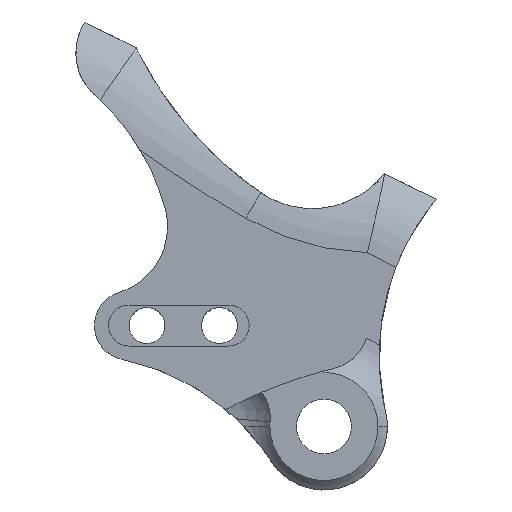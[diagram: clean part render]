
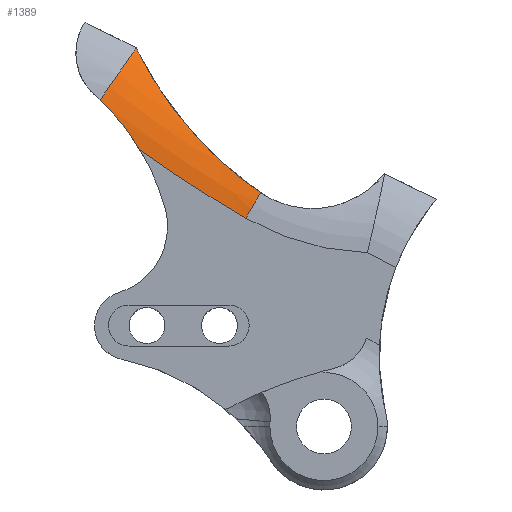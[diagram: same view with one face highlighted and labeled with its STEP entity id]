
A CAD part, top view. The second image highlights one B-rep face of the part: STEP entity #1389.
In plain terms, the highlighted toroidal (fillet/blend) face has major radius 285.75 mm and minor radius 25.4 mm.
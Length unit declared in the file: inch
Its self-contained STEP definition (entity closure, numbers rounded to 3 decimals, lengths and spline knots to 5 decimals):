
#33 = CARTESIAN_POINT ( 'NONE',  ( -1.46942, 2.99412, 0.10755 ) ) ;
#51 = ORIENTED_EDGE ( 'NONE', *, *, #1717, .F. ) ;
#52 = CARTESIAN_POINT ( 'NONE',  ( -0.55421, 2.0355, 0.24043 ) ) ;
#59 = DIRECTION ( 'NONE',  ( 0.5, 0.866, 0. ) ) ;
#63 = CARTESIAN_POINT ( 'NONE',  ( -0.67808, 1.81035, 0.274 ) ) ;
#78 = CARTESIAN_POINT ( 'NONE',  ( -0.54982, 2.0325, 0.24054 ) ) ;
#100 = CARTESIAN_POINT ( 'NONE',  ( -1.65345, 3.25858, 0.03591 ) ) ;
#134 = TOROIDAL_SURFACE ( 'NONE', #1170, 11.25, 1. ) ;
#146 = DIRECTION ( 'NONE',  ( -1., 0., 0. ) ) ;
#210 = CARTESIAN_POINT ( 'NONE',  ( -0.78219, 2.20408, 0.23255 ) ) ;
#221 = CARTESIAN_POINT ( 'NONE',  ( -0.55275, 2.0345, 0.24047 ) ) ;
#280 = CARTESIAN_POINT ( 'NONE',  ( -1.88701, 2.92005, 0.24628 ) ) ;
#284 = CARTESIAN_POINT ( 'NONE',  ( 4.94692, 11.55314, -0.726 ) ) ;
#296 = AXIS2_PLACEMENT_3D ( 'NONE', #2143, #1664, #146 ) ;
#332 = VERTEX_POINT ( 'NONE', #63 ) ;
#383 = CIRCLE ( 'NONE', #296, 11.25 ) ;
#413 = CARTESIAN_POINT ( 'NONE',  ( -0.54982, 2.0325, 0.24054 ) ) ;
#416 = EDGE_CURVE ( 'NONE', #1460, #1754, #2105, .T. ) ;
#428 = CARTESIAN_POINT ( 'NONE',  ( -1.81327, 2.70325, 0.26776 ) ) ;
#429 = ORIENTED_EDGE ( 'NONE', *, *, #416, .F. ) ;
#459 = CARTESIAN_POINT ( 'NONE',  ( -1.8036, 3.04101, 0.19685 ) ) ;
#480 = VERTEX_POINT ( 'NONE', #2093 ) ;
#486 = CARTESIAN_POINT ( 'NONE',  ( -1.78994, 3.06081, 0.18644 ) ) ;
#515 = EDGE_CURVE ( 'NONE', #1666, #480, #2147, .T. ) ;
#539 = CARTESIAN_POINT ( 'NONE',  ( -1.08872, 2.49296, 0.20612 ) ) ;
#550 = CARTESIAN_POINT ( 'NONE',  ( -1.29105, 2.73687, 0.16705 ) ) ;
#598 = EDGE_CURVE ( 'NONE', #332, #1666, #383, .T. ) ;
#599 = CARTESIAN_POINT ( 'NONE',  ( -1.94474, 2.83627, 0.26445 ) ) ;
#621 = CARTESIAN_POINT ( 'NONE',  ( -1.7246, 3.15551, 0.12676 ) ) ;
#737 = B_SPLINE_CURVE_WITH_KNOTS ( 'NONE', 3,
 ( #929, #100, #758, #621, #1462, #486, #459, #1272, #2078, #280, #1248, #599 ),
 .UNSPECIFIED., .F., .F.,
 ( 4, 2, 2, 2, 2, 4 ),
 ( 0., 0.00393, 0.00785, 0.00982, 0.01178, 0.01571 ),
 .UNSPECIFIED. ) ;
#758 = CARTESIAN_POINT ( 'NONE',  ( -1.67634, 3.22543, 0.06838 ) ) ;
#810 = DIRECTION ( 'NONE',  ( -1., 0., 0. ) ) ;
#845 = ORIENTED_EDGE ( 'NONE', *, *, #1873, .F. ) ;
#862 = CARTESIAN_POINT ( 'NONE',  ( -1.35415, 2.82129, 0.15036 ) ) ;
#873 = CARTESIAN_POINT ( 'NONE',  ( -0.6715, 2.1164, 0.23742 ) ) ;
#881 = CARTESIAN_POINT ( 'NONE',  ( -1.60285, 3.23019, 0.02709 ) ) ;
#910 = CARTESIAN_POINT ( 'NONE',  ( -1.5952, 2.40091, 0.274 ) ) ;
#929 = CARTESIAN_POINT ( 'NONE',  ( -1.63185, 3.28984, 0. ) ) ;
#955 = AXIS2_PLACEMENT_3D ( 'NONE', #1864, #1567, #59 ) ;
#1023 = CARTESIAN_POINT ( 'NONE',  ( -1.39402, 2.87844, 0.13755 ) ) ;
#1065 = CARTESIAN_POINT ( 'NONE',  ( -1.63185, 3.28984, 0. ) ) ;
#1088 = CARTESIAN_POINT ( 'NONE',  ( -1.87646, 2.77181, 0.26559 ) ) ;
#1106 = EDGE_LOOP ( 'NONE', ( #429, #1962, #1890, #1463, #51, #845 ) ) ;
#1170 = AXIS2_PLACEMENT_3D ( 'NONE', #284, #2119, #810 ) ;
#1227 = CARTESIAN_POINT ( 'NONE',  ( -1.5952, 2.40091, 0.274 ) ) ;
#1242 = CARTESIAN_POINT ( 'NONE',  ( -1.64344, 2.4816, 0.274 ) ) ;
#1248 = CARTESIAN_POINT ( 'NONE',  ( -1.91559, 2.87857, 0.25731 ) ) ;
#1263 = FACE_OUTER_BOUND ( 'NONE', #1106, .T. ) ;
#1272 = CARTESIAN_POINT ( 'NONE',  ( -1.83107, 3.00117, 0.21559 ) ) ;
#1356 = CARTESIAN_POINT ( 'NONE',  ( -1.26942, 2.7089, 0.17221 ) ) ;
#1375 = CARTESIAN_POINT ( 'NONE',  ( -1.57166, 3.17069, 0.05012 ) ) ;
#1378 = CARTESIAN_POINT ( 'NONE',  ( -0.55129, 2.03349, 0.24051 ) ) ;
#1389 = ADVANCED_FACE ( 'NONE', ( #1263 ), #134, .T. ) ;
#1460 = VERTEX_POINT ( 'NONE', #1645 ) ;
#1462 = CARTESIAN_POINT ( 'NONE',  ( -1.74997, 3.11875, 0.15266 ) ) ;
#1463 = ORIENTED_EDGE ( 'NONE', *, *, #598, .F. ) ;
#1525 = CARTESIAN_POINT ( 'NONE',  ( -1.20294, 2.62668, 0.18605 ) ) ;
#1557 = CARTESIAN_POINT ( 'NONE',  ( -0.55421, 2.0355, 0.24043 ) ) ;
#1567 = DIRECTION ( 'NONE',  ( 0.866, -0.5, 0. ) ) ;
#1572 = CIRCLE ( 'NONE', #955, 1. ) ;
#1616 = CARTESIAN_POINT ( 'NONE',  ( -0.55421, 2.0355, 0.24043 ) ) ;
#1645 = CARTESIAN_POINT ( 'NONE',  ( -1.63185, 3.28984, 0. ) ) ;
#1664 = DIRECTION ( 'NONE',  ( 0., 0., -1. ) ) ;
#1666 = VERTEX_POINT ( 'NONE', #1227 ) ;
#1671 = VERTEX_POINT ( 'NONE', #78 ) ;
#1695 = CARTESIAN_POINT ( 'NONE',  ( -1.22538, 2.65382, 0.1817 ) ) ;
#1717 = EDGE_CURVE ( 'NONE', #1671, #332, #1572, .T. ) ;
#1727 = CARTESIAN_POINT ( 'NONE',  ( -1.50495, 3.05266, 0.09036 ) ) ;
#1754 = VERTEX_POINT ( 'NONE', #1616 ) ;
#1816 = EDGE_CURVE ( 'NONE', #1460, #480, #737, .T. ) ;
#1860 = CARTESIAN_POINT ( 'NONE',  ( -0.9908, 2.39236, 0.21688 ) ) ;
#1864 = CARTESIAN_POINT ( 'NONE',  ( -0.67808, 1.81035, -0.726 ) ) ;
#1873 = EDGE_CURVE ( 'NONE', #1754, #1671, #1983, .T. ) ;
#1890 = ORIENTED_EDGE ( 'NONE', *, *, #515, .F. ) ;
#1908 = CARTESIAN_POINT ( 'NONE',  ( -1.69676, 2.55815, 0.27196 ) ) ;
#1962 = ORIENTED_EDGE ( 'NONE', *, *, #1816, .T. ) ;
#1983 = B_SPLINE_CURVE_WITH_KNOTS ( 'NONE', 3,
 ( #1557, #221, #1378, #413 ),
 .UNSPECIFIED., .F., .F.,
 ( 4, 4 ),
 ( 0., 0.00013 ),
 .UNSPECIFIED. ) ;
#2078 = CARTESIAN_POINT ( 'NONE',  ( -1.84495, 2.98104, 0.22399 ) ) ;
#2083 = CARTESIAN_POINT ( 'NONE',  ( -1.94474, 2.83627, 0.26445 ) ) ;
#2093 = CARTESIAN_POINT ( 'NONE',  ( -1.94474, 2.83627, 0.26445 ) ) ;
#2105 = B_SPLINE_CURVE_WITH_KNOTS ( 'NONE', 3,
 ( #1065, #881, #1375, #1727, #33, #1023, #862, #550, #1356, #1695, #1525, #539, #1860, #210, #873, #52 ),
 .UNSPECIFIED., .F., .F.,
 ( 4, 2, 2, 2, 2, 2, 2, 4 ),
 ( 0., 0.00538, 0.01076, 0.01614, 0.01883, 0.02152, 0.03228, 0.04304 ),
 .UNSPECIFIED. ) ;
#2119 = DIRECTION ( 'NONE',  ( 0., 0., -1. ) ) ;
#2143 = CARTESIAN_POINT ( 'NONE',  ( 4.94692, 11.55314, 0.274 ) ) ;
#2147 = B_SPLINE_CURVE_WITH_KNOTS ( 'NONE', 3,
 ( #910, #1242, #1908, #428, #1088, #2083 ),
 .UNSPECIFIED., .F., .F.,
 ( 4, 2, 4 ),
 ( 0.01398, 0.02109, 0.0282 ),
 .UNSPECIFIED. ) ;
* * * * * * *
GOAL OF THE EXERCISE. Everything from the first line of the records through the line containing "A CAD part, top" should be reproduced exactly, apart from the pictures.

WRITTEN SOLUTION.
[diagram: clean part render]
[diagram: same view with one face highlighted and labeled with its STEP entity id]
A CAD part, top view. The second image highlights one B-rep face of the part: STEP entity #1389.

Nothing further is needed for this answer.